-- WHAT IS REQUIRED --
Copy task, pictures excluded: set down exactly the lines from the one containing "The rendering anchors" to the end of the data below.

-- INFORMATION SHOWN --
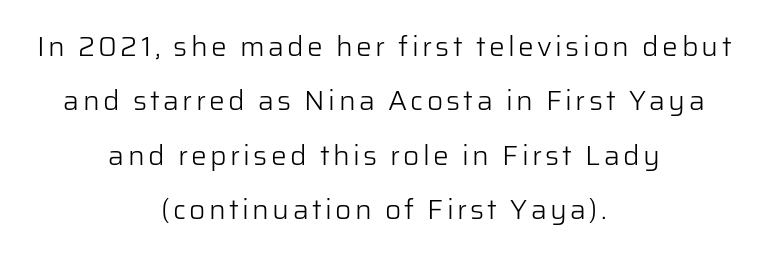
Varying glyph widths throughout — classic text-font behaviour. The axis of the letterforms is exactly vertical. This rendering employs a face without finishing strokes, i.e., a sans-serif. Stroke thickness stays within the range of a standard reading face or lighter. A great deal of white space separates one row of letters from the next. The whitespace from short lines is split evenly between both sides.
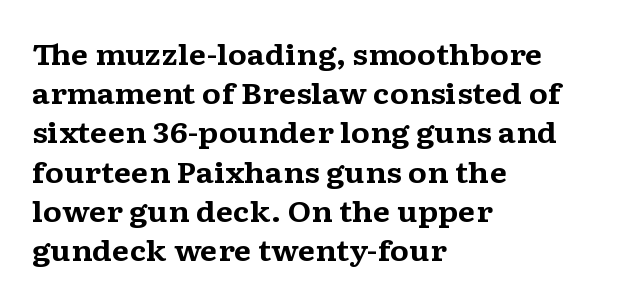
Q: Is the text bold? A: Yes.
Q: Is the text italic (slanted)? A: No, it is upright.
Q: Is the typeface a serif or a sans-serif typeface? A: Serif.
Q: Is the text underlined? A: No.
Q: How is the paragraph aligned? A: Left-aligned.
Q: Is the spacing between letters normal or unusually wide? A: Normal.
Q: Is the spacing between lines tight, normal or loose? A: Normal.
Q: Width (condensed, normal, or wide)? A: Wide.
Q: Stroke contrast? A: Medium.
Q: x-height? A: Medium.
Q: Monospaced? A: No.
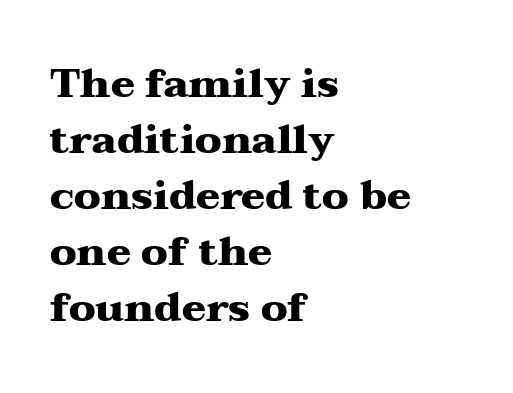
Each line starts at the same left margin while the right side varies. The line texture is even and compact thanks to regular tracking. Every character sits straight up, as roman type does. These lines are rendered in a variable-pitch font. The characters look thick and weighty, a clear bold. This sample keeps an unexceptional amount of space between lines.
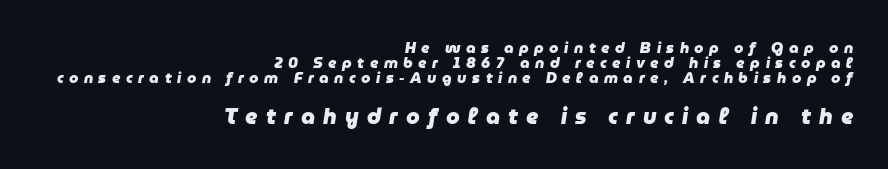
The rendering anchors every line to the right-hand side. The space beneath each line is pristine and unruled. Is the type slanted? Yes — the strokes lean at a clear angle. Vertically, the passage feels compressed, each row crowding the next.
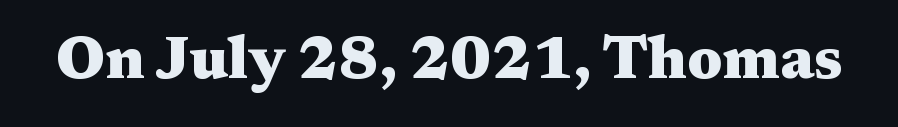
{"serif": "yes", "italic": "no", "bold": "yes", "weight": "heavy", "width": "wide", "stroke_contrast": "medium", "x_height": "medium", "monospaced": "no", "underline": "no", "letter_spacing": "normal", "letter_spacing_em": 0.0, "glyph_px": 60}
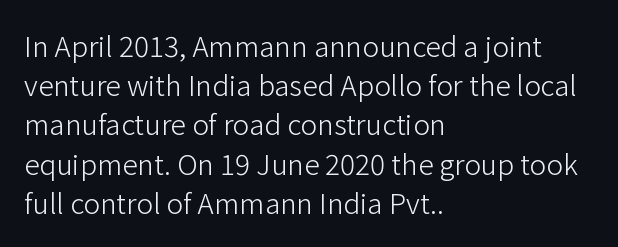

-- SOLUTION --
The rendering anchors every line to the right-hand side. The space beneath each line is pristine and unruled. Is the type slanted? Yes — the strokes lean at a clear angle. Vertically, the passage feels compressed, each row crowding the next.
{"serif": "yes", "italic": "no", "bold": "yes", "weight": "heavy", "width": "wide", "stroke_contrast": "medium", "x_height": "medium", "monospaced": "no", "underline": "no", "letter_spacing": "normal", "letter_spacing_em": 0.0, "glyph_px": 60}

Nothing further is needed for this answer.